影響力のある立場にあるものは、発する言葉に慎重であり、責任を持たなければなりません。

今回の『暮しの手帖』でのLooop推しの記事をみて、契約変更をした良心的な消費者は事の真相を知ったらきっと後悔するでしょう。

今回の問題の本質は、花森が標語によって、多くの人々に与えた影響と同じ構図と言えるのではないでしょうか?
現行の『暮しの手帖』が花森イズムを踏襲しているのかどうかが問われる試金石だと思います。

(以上)

この返事に関わって一つの図を掲載しておきます。地方にばかり押し寄せる太陽光発電の現状が分かるはずです。

s_fit2.jpg

この図の説明をします。FIT(固定価格買取制度 2012年7月1日開始) より前に発電していた設備の容量合計が、棒グラフの青色。FITがスタートし、その認定を受けたのが緑色、その中でに発電しているのが茶色です。(「固定価格買取制度 情報公表用ウェブサイト」参照)

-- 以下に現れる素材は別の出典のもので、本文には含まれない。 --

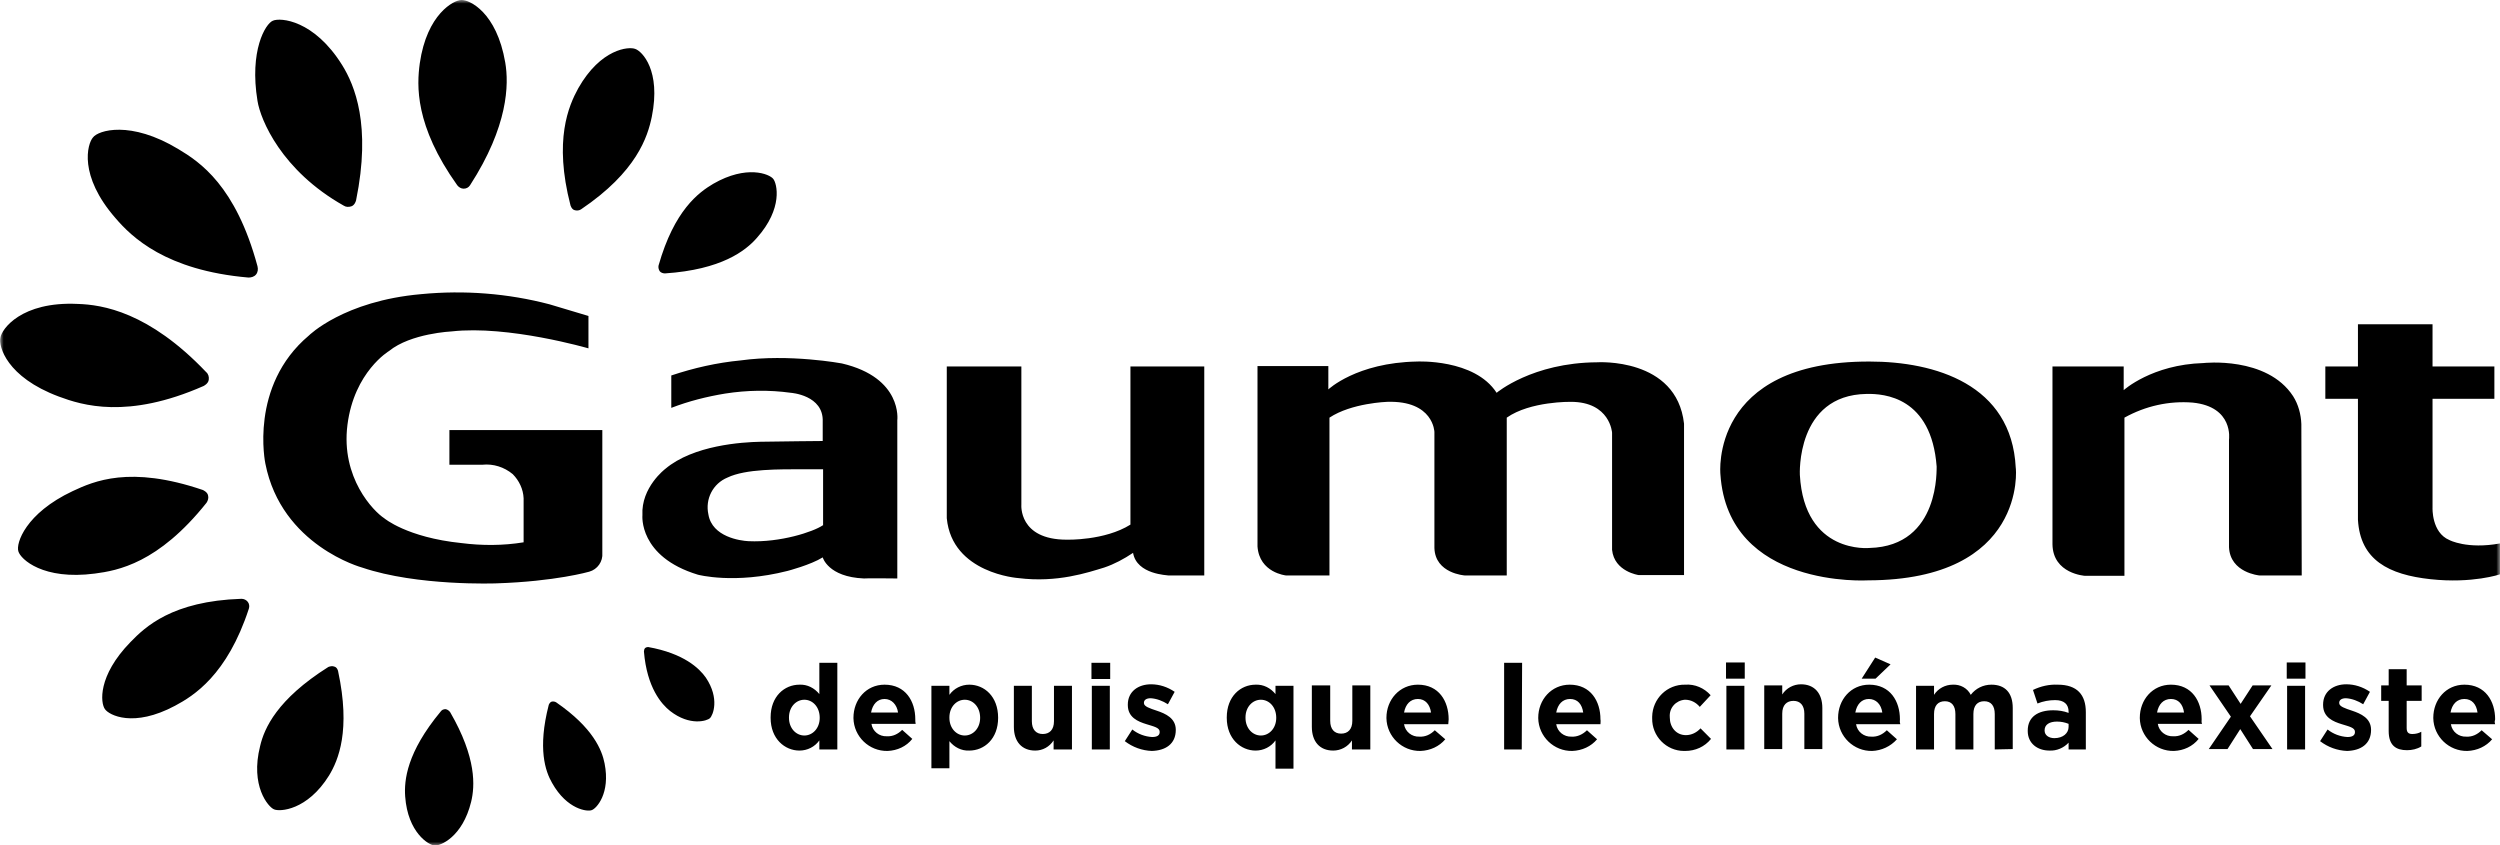 <svg xmlns="http://www.w3.org/2000/svg" width="343" height="116" viewBox="0 0 343 116" fill="none"><g clip-path="url(#clip0_167_66)"><mask id="mask0_167_66" style="mask-type:luminance" maskUnits="userSpaceOnUse" x="0" y="0" width="343" height="116"><path d="M343 0H0V116H343V0Z" fill="white"></path></mask><g mask="url(#mask0_167_66)"><path d="M88.501 88.925C88.398 89.028 88.347 89.235 88.347 89.39C88.758 94.35 90.764 96.624 91.947 97.554C94.672 99.672 97.038 98.897 97.398 98.535C97.809 98.174 98.786 95.849 96.832 92.955C95.958 91.715 93.849 89.648 88.913 88.77C88.81 88.77 88.604 88.821 88.501 88.925ZM75.285 96.727C73.743 102.721 74.823 105.821 75.748 107.423C77.805 111.091 80.633 111.401 81.199 111.143C81.816 110.936 83.77 108.869 82.948 104.736C82.588 102.927 81.405 99.879 76.314 96.365C76.159 96.262 75.902 96.21 75.697 96.262C75.388 96.365 75.285 96.727 75.285 96.727ZM60.475 97.605C55.795 103.237 55.435 107.061 55.59 109.283C55.95 114.243 58.83 115.948 59.601 116C60.372 116.103 63.458 114.863 64.64 110.006C65.155 107.888 65.412 104.012 61.761 97.709C61.606 97.502 61.401 97.347 61.144 97.295C60.835 97.295 60.629 97.399 60.475 97.605ZM35.689 102.359C34.3 107.836 36.82 110.73 37.591 111.04C38.363 111.401 42.168 111.195 45.151 106.389C46.436 104.271 48.133 100.189 46.385 92.077C46.385 92.077 46.282 91.56 45.871 91.457C45.614 91.353 45.305 91.405 45.048 91.508C38.003 95.952 36.254 99.93 35.689 102.359ZM17.896 88.098C13.37 92.748 13.782 96.469 14.399 97.295C14.965 98.122 18.307 99.879 24.015 96.83C26.535 95.487 31.163 92.645 34.146 83.499C34.249 83.189 34.197 82.828 33.992 82.569C33.786 82.311 33.477 82.156 33.117 82.156C23.604 82.466 19.901 86.031 17.896 88.098ZM2.52 75.645C2.828 76.731 5.914 79.624 13.011 78.694C16.147 78.281 21.701 77.299 28.335 68.98C28.541 68.67 28.643 68.308 28.541 67.947C28.438 67.481 27.821 67.223 27.821 67.223C17.793 63.813 12.856 66.035 9.976 67.378C3.497 70.427 2.16 74.56 2.52 75.645ZM10.645 41.698C2.931 41.336 0.206 45.16 0.052 46.348C-0.206 47.485 0.874 51.722 8.074 54.409C11.262 55.597 17.484 57.561 27.924 52.962C27.924 52.962 28.592 52.652 28.643 52.084C28.695 51.722 28.592 51.309 28.284 51.05C20.416 42.783 14.039 41.801 10.645 41.698ZM35.329 36.531C32.346 25.474 27.409 22.218 24.478 20.461C17.896 16.483 13.473 17.878 12.753 18.86C11.982 19.738 10.748 24.078 15.839 29.917C18.05 32.501 22.73 37.099 34.094 38.081C34.454 38.081 34.866 37.978 35.123 37.668C35.38 37.358 35.431 36.944 35.329 36.531ZM48.853 27.489C50.962 17.154 48.648 11.678 46.95 8.939C43.094 2.739 38.465 2.377 37.437 2.842C36.408 3.255 34.197 6.975 35.329 13.848C35.74 16.431 38.62 23.407 47.156 28.212C47.465 28.419 47.825 28.419 48.185 28.315C48.699 28.16 48.853 27.489 48.853 27.489ZM64.486 25.422C69.731 17.309 69.834 11.574 69.32 8.577C68.137 1.653 64.383 -0.052 63.303 -3.06579e-05C62.275 -3.06579e-05 58.572 1.912 57.595 8.681C57.184 11.678 56.875 17.206 62.738 25.422C62.943 25.68 63.252 25.887 63.612 25.887C63.972 25.887 64.281 25.732 64.486 25.422ZM80.736 43.351L75.388 41.75C69.68 40.251 63.715 39.786 57.801 40.355C47.156 41.285 42.374 46.038 42.374 46.038C34.146 52.962 36.408 63.606 36.408 63.606C38.62 74.87 49.676 77.867 49.676 77.867C57.287 80.451 68.086 80.037 68.086 80.037C76.211 79.779 80.839 78.436 80.839 78.436C81.97 78.126 82.742 77.04 82.639 75.852V59.008H61.658V63.761H66.183C67.674 63.606 69.166 64.071 70.349 65.053C71.223 65.931 71.788 67.12 71.84 68.36V74.405C69.011 74.87 66.132 74.87 63.303 74.509C55.795 73.734 52.71 71.098 52.71 71.098C51.27 70.168 46.745 65.57 47.67 58.284C48.596 50.999 53.379 48.157 53.379 48.157C56.361 45.728 61.966 45.47 61.966 45.47C69.731 44.592 80.736 47.795 80.736 47.795V43.351ZM89.427 16.018C90.713 9.662 88.09 7.027 87.164 6.717C86.29 6.355 82.433 6.665 79.348 12.091C78.011 14.519 75.954 19.221 78.268 28.16C78.268 28.16 78.422 28.729 78.834 28.832C79.142 28.935 79.451 28.884 79.708 28.729C87.37 23.562 88.861 18.756 89.427 16.018ZM103.826 32.656C107.477 28.574 106.603 25.163 106.088 24.543C105.574 23.872 102.437 22.58 97.861 25.215C95.855 26.404 92.512 28.832 90.353 36.428C90.301 36.686 90.353 36.944 90.507 37.203C90.661 37.409 90.97 37.513 91.227 37.513C98.992 36.996 102.283 34.412 103.826 32.656ZM112.876 72.08C111.591 72.959 107.065 74.457 102.694 74.25C101.614 74.199 97.706 73.682 97.192 70.582C96.729 68.463 97.809 66.345 99.815 65.518C102.283 64.33 106.86 64.381 110.408 64.381H112.928V72.08H112.876ZM123.11 57.664C123.11 57.664 123.881 51.825 115.499 49.862C115.499 49.862 108.3 48.519 101.615 49.449C98.375 49.758 95.186 50.482 92.101 51.515V55.959C94.518 55.029 96.986 54.409 99.506 53.995C102.489 53.531 105.523 53.479 108.505 53.892C108.505 53.892 113.031 54.202 112.876 57.871V60.506C112.876 60.506 106.86 60.558 104.34 60.609C101.82 60.661 95.135 61.074 91.278 64.33C91.278 64.33 87.936 66.861 88.141 70.685C88.141 70.685 87.576 76.369 95.752 78.849C95.752 78.849 100.74 80.192 108.043 78.332C108.043 78.332 111.231 77.505 112.876 76.472C112.876 76.472 113.596 79.159 118.533 79.366C118.687 79.314 123.11 79.366 123.11 79.366V57.664ZM160.29 78.952H165.226V50.275H155.096V71.977C151.547 74.199 146.354 74.044 146.354 74.044C139.72 74.044 140.131 69.238 140.131 69.238V50.275H129.898V71.098C130.618 78.694 139.72 79.314 139.72 79.314C145.068 79.986 149.285 78.539 151.496 77.867C152.885 77.402 154.222 76.679 155.456 75.852C155.97 78.849 160.238 78.901 160.29 78.952ZM224.827 78.901H231.049V58.129C230.021 48.983 219.119 49.707 219.119 49.707C210.223 49.758 205.337 53.892 205.337 53.892C202.303 49.19 194.384 49.603 194.384 49.603C186.105 49.758 182.248 53.427 182.248 53.427V50.224H172.529V74.974C172.786 78.591 176.437 78.952 176.437 78.952H182.402V57.302C185.436 55.287 190.321 55.132 190.321 55.132C196.698 54.926 196.801 59.266 196.801 59.266V75.18C196.904 78.694 200.966 78.952 200.966 78.952H206.726V57.302C209.965 55.029 215.519 55.132 215.519 55.132C220.919 55.132 221.176 59.369 221.176 59.369V75.439C221.485 78.436 224.827 78.901 224.827 78.901ZM256.504 75.18C256.504 75.18 247.557 76.11 246.94 65.156C246.94 65.156 246.374 54.202 256.093 54.047C258.51 53.995 264.989 54.461 265.709 64.02C265.658 64.02 266.326 74.922 256.504 75.18ZM276.56 64.175C275.994 52.704 265.452 49.603 256.504 49.603C234.495 49.552 236.038 65.053 236.038 65.053C237.066 80.812 256.299 79.624 256.299 79.624C278.103 79.572 276.611 64.175 276.56 64.175ZM309.986 78.952H315.797L315.745 58.181C315.694 56.837 315.334 55.494 314.614 54.357C311.014 48.828 302.323 49.81 302.323 49.81C295.227 50.017 291.37 53.531 291.37 53.531V50.275H281.599V74.664C281.651 78.746 286.073 79.004 286.073 79.004H291.473V57.302C294.353 55.701 297.592 54.977 300.832 55.236C306.489 55.804 305.82 60.299 305.82 60.299V75.077C305.975 78.591 309.986 78.952 309.986 78.952ZM333.744 69.652V54.719H342.229V50.275H333.744V44.488H323.51V50.275H319.036V54.719H323.51V71.305C323.819 76.834 327.727 78.849 333.487 79.469C339.246 80.089 343 78.797 343 78.797V74.56C338.475 75.387 336.058 74.095 336.058 74.095C333.589 73.062 333.744 69.652 333.744 69.652Z" fill="black"></path><path d="M339.915 97.76H336.212C336.418 96.624 337.086 95.9 338.115 95.9C339.143 95.9 339.76 96.624 339.915 97.76ZM342.332 98.69C342.332 96.21 340.994 93.937 338.115 93.937C335.595 93.937 333.847 96.004 333.847 98.484V98.535C333.898 101.067 336.006 103.082 338.526 103.031C339.863 102.979 341.097 102.411 341.92 101.429L340.48 100.189C339.915 100.757 339.195 101.119 338.372 101.067C337.343 101.119 336.418 100.396 336.263 99.362H342.332C342.229 99.052 342.28 98.897 342.332 98.69ZM332.201 102.411V100.396C331.841 100.602 331.43 100.706 330.967 100.706C330.401 100.706 330.195 100.447 330.195 99.879V96.159H332.252V94.04H330.195V91.818H327.727V94.04H326.699V96.159H327.727V100.292C327.727 102.307 328.756 102.927 330.247 102.927C330.915 102.927 331.635 102.772 332.201 102.411ZM325.31 100.137C325.31 98.535 323.922 97.915 322.687 97.502C321.762 97.192 320.939 96.934 320.939 96.469V96.417C320.939 96.055 321.248 95.797 321.865 95.797C322.687 95.849 323.51 96.159 324.23 96.624L325.156 94.918C324.179 94.247 323.047 93.885 321.916 93.885C320.168 93.885 318.728 94.867 318.728 96.675V96.727C318.728 98.432 320.116 99.001 321.299 99.362C322.276 99.672 323.099 99.827 323.099 100.396V100.447C323.099 100.861 322.79 101.119 322.07 101.119C321.093 101.067 320.116 100.706 319.345 100.086L318.316 101.687C319.396 102.514 320.682 102.979 322.019 103.031C323.87 102.979 325.31 102.101 325.31 100.137ZM316.259 94.092H313.791V102.824H316.259V94.092ZM316.311 90.888H313.74V93.11H316.311V90.888ZM311.785 102.772L308.7 98.277L311.631 94.04H309.06L307.414 96.572L305.769 94.04H303.146L306.077 98.329L303.043 102.772H305.615L307.363 100.034L309.111 102.772H311.785ZM299.649 97.76H295.947C296.153 96.624 296.821 95.9 297.85 95.9C298.878 95.9 299.495 96.624 299.649 97.76ZM302.066 98.69C302.066 96.21 300.729 93.937 297.85 93.937C295.33 93.937 293.581 96.004 293.581 98.484V98.535C293.633 101.067 295.741 103.082 298.261 103.031C299.598 102.979 300.832 102.411 301.655 101.377L300.266 100.137C299.701 100.706 298.981 101.067 298.158 101.016C297.13 101.067 296.204 100.344 296.05 99.311H302.118C302.015 99.052 302.066 98.897 302.066 98.69ZM283.811 99.724C283.811 100.602 283.039 101.274 281.857 101.274C281.085 101.274 280.52 100.861 280.52 100.241V100.189C280.52 99.414 281.188 99.001 282.217 99.001C282.782 99.001 283.296 99.104 283.811 99.311V99.724ZM286.176 102.772V97.709C286.176 95.332 284.993 93.937 282.319 93.937C281.137 93.885 280.005 94.143 278.925 94.66L279.542 96.52C280.314 96.21 281.137 96.055 281.959 96.055C283.194 96.055 283.811 96.624 283.811 97.657V97.812C283.142 97.554 282.422 97.45 281.702 97.45C279.645 97.45 278.205 98.329 278.205 100.241V100.292C278.205 101.997 279.542 102.979 281.188 102.979C282.165 103.031 283.142 102.617 283.811 101.894V102.824H286.176V102.772ZM276.148 102.772V97.14C276.148 95.022 275.069 93.937 273.217 93.937C272.086 93.937 271.057 94.454 270.389 95.332C269.926 94.402 268.949 93.885 267.921 93.937C266.892 93.937 265.915 94.454 265.349 95.332V94.092H262.881V102.824H265.349V97.967C265.349 96.779 265.915 96.21 266.841 96.21C267.766 96.21 268.281 96.83 268.281 97.967V102.824H270.749V97.967C270.749 96.779 271.315 96.21 272.24 96.21C273.166 96.21 273.68 96.83 273.68 97.967V102.824L276.148 102.772ZM258.253 97.76H254.55C254.756 96.624 255.424 95.9 256.402 95.9C257.379 95.9 258.099 96.624 258.253 97.76ZM260.67 98.69C260.67 96.21 259.333 93.937 256.453 93.937C253.933 93.937 252.185 96.004 252.185 98.484V98.535C252.236 101.067 254.345 103.082 256.864 103.031C258.15 102.979 259.384 102.411 260.258 101.429L258.87 100.189C258.304 100.757 257.584 101.119 256.761 101.067C255.733 101.119 254.807 100.396 254.653 99.362H260.721C260.618 99.052 260.67 98.897 260.67 98.69ZM257.327 93.11L259.384 91.147L257.276 90.216L255.424 93.11H257.327ZM250.025 102.772V97.14C250.025 95.125 248.945 93.885 247.094 93.885C246.065 93.885 245.088 94.402 244.523 95.28V94.04H242.054V102.772H244.523V97.915C244.523 96.727 245.14 96.159 246.065 96.159C246.991 96.159 247.557 96.779 247.557 97.915V102.772H250.025ZM239.329 94.092H236.86V102.824H239.329V94.092ZM239.38 90.888H236.809V93.11H239.38V90.888ZM234.752 101.377L233.312 99.93C232.798 100.499 232.078 100.861 231.306 100.861C229.969 100.861 229.095 99.775 229.095 98.432V98.38C228.992 97.14 229.918 96.107 231.152 96.004C231.152 96.004 231.152 96.004 231.204 96.004C231.975 96.004 232.695 96.365 233.209 96.985L234.7 95.383C233.826 94.402 232.541 93.833 231.204 93.937C228.735 93.885 226.73 95.849 226.678 98.329C226.678 98.38 226.678 98.432 226.678 98.484V98.535C226.627 101.016 228.632 103.031 231.049 103.031C231.101 103.031 231.152 103.031 231.204 103.031C232.592 103.031 233.878 102.462 234.752 101.377ZM217.216 97.76H213.514C213.719 96.624 214.388 95.9 215.416 95.9C216.445 95.9 217.062 96.624 217.216 97.76ZM219.582 98.69C219.582 96.21 218.245 93.937 215.365 93.937C212.845 93.937 211.045 96.004 211.045 98.484V98.535C211.097 101.067 213.205 103.082 215.725 103.031C217.062 102.979 218.296 102.411 219.119 101.429L217.73 100.189C217.165 100.757 216.393 101.119 215.622 101.067C214.594 101.119 213.668 100.396 213.514 99.362H219.582C219.582 99.104 219.633 98.949 219.582 98.69ZM208.834 90.94H206.366V102.824H208.783L208.834 90.94ZM196.338 97.76H192.635C192.841 96.624 193.51 95.9 194.538 95.9C195.567 95.9 196.184 96.675 196.338 97.76ZM198.755 98.69C198.755 96.21 197.418 93.937 194.538 93.937C192.018 93.937 190.218 96.004 190.218 98.484V98.535C190.27 101.067 192.378 103.082 194.898 103.031C196.235 102.979 197.469 102.411 198.292 101.429L196.852 100.189C196.287 100.757 195.567 101.119 194.744 101.067C193.715 101.119 192.79 100.396 192.635 99.362H198.703C198.703 99.104 198.755 98.949 198.755 98.69ZM188.007 102.824V94.04H185.539V98.897C185.539 100.086 184.922 100.654 183.996 100.654C183.07 100.654 182.505 100.034 182.505 98.897V94.04H179.985V99.724C179.985 101.739 181.065 102.979 182.916 102.979C183.945 102.979 184.922 102.462 185.487 101.584V102.824H188.007ZM175.1 98.484C175.1 99.93 174.123 100.912 172.991 100.912C171.86 100.912 170.883 99.93 170.883 98.484V98.432C170.883 96.985 171.86 96.004 172.991 96.004C174.123 96.004 175.1 96.985 175.1 98.484ZM177.465 105.408V94.092H174.997V95.228C174.328 94.402 173.351 93.885 172.271 93.937C170.214 93.937 168.312 95.538 168.312 98.432V98.484C168.312 101.377 170.266 102.979 172.271 102.979C173.351 102.979 174.38 102.462 174.997 101.584V105.459H177.465V105.408ZM161.318 100.137C161.318 98.535 159.93 97.915 158.695 97.502C157.77 97.192 156.947 96.934 156.947 96.469V96.417C156.947 96.055 157.255 95.797 157.873 95.797C158.695 95.849 159.518 96.159 160.238 96.624L161.164 94.918C160.187 94.247 159.055 93.885 157.924 93.885C156.176 93.885 154.736 94.867 154.736 96.675V96.727C154.736 98.432 156.124 99.001 157.307 99.362C158.284 99.672 159.107 99.827 159.107 100.396V100.447C159.107 100.861 158.798 101.119 158.078 101.119C157.101 101.067 156.124 100.706 155.353 100.086L154.324 101.687C155.404 102.514 156.69 102.979 158.027 103.031C159.878 102.979 161.318 102.101 161.318 100.137ZM152.267 94.092H149.799V102.824H152.267V94.092ZM152.319 90.94H149.748V93.162H152.319V90.94ZM147.073 102.824V94.092H144.605V98.949C144.605 100.137 143.988 100.706 143.062 100.706C142.137 100.706 141.571 100.086 141.571 98.949V94.092H139.103V99.724C139.103 101.739 140.183 102.979 142.034 102.979C143.062 102.979 143.988 102.462 144.554 101.584V102.824H147.073ZM134.475 98.484C134.475 99.93 133.497 100.912 132.366 100.912C131.235 100.912 130.258 99.93 130.258 98.484V98.432C130.258 96.985 131.235 96.004 132.366 96.004C133.497 96.004 134.475 96.985 134.475 98.484ZM136.943 98.484C136.943 95.538 135.04 93.937 132.983 93.937C131.903 93.937 130.875 94.454 130.258 95.332V94.092H127.789V105.408H130.258V101.687C130.926 102.514 131.903 103.031 132.983 102.979C135.04 102.979 136.943 101.377 136.943 98.484ZM123.213 97.76H119.51C119.716 96.624 120.384 95.9 121.361 95.9C122.338 95.9 123.058 96.675 123.213 97.76ZM125.578 98.69C125.578 96.21 124.241 93.937 121.361 93.937C118.842 93.937 117.093 96.004 117.093 98.484V98.535C117.145 101.067 119.253 103.082 121.773 103.031C123.11 102.979 124.344 102.411 125.167 101.377L123.778 100.137C123.213 100.706 122.493 101.067 121.67 101.016C120.641 101.067 119.716 100.344 119.561 99.311H125.63C125.578 99.052 125.578 98.949 125.578 98.69ZM112.465 98.484C112.465 99.93 111.488 100.912 110.357 100.912C109.225 100.912 108.248 99.93 108.248 98.484V98.432C108.248 96.985 109.225 96.004 110.357 96.004C111.488 96.004 112.465 96.985 112.465 98.484ZM114.882 102.824V90.94H112.414V95.228C111.745 94.402 110.768 93.885 109.688 93.937C107.631 93.937 105.728 95.538 105.728 98.432V98.484C105.728 101.377 107.682 102.979 109.688 102.979C110.768 102.979 111.796 102.462 112.414 101.584V102.824H114.882Z" fill="black"></path></g></g><defs><clipPath id="clip0_167_66"><rect width="343" height="116" fill="white"></rect></clipPath></defs></svg>

「再エネ推進」の中心地は東京です。「エネルギーの地産地消」などいう旗も東京で振られます。だったら、 「どうぞ、都心にメガソーラーを」と推したくもなります。ちなみに、Looopの霧ヶ峰下メガソーラーの敷地面積188ヘクタールは、皇居と明治神宮を合わせた面積です。同じくLooopがかかわる、上田市あずまや高原「らいてうの家」の隣の計画地の面積は、日比谷公園の1.3倍です。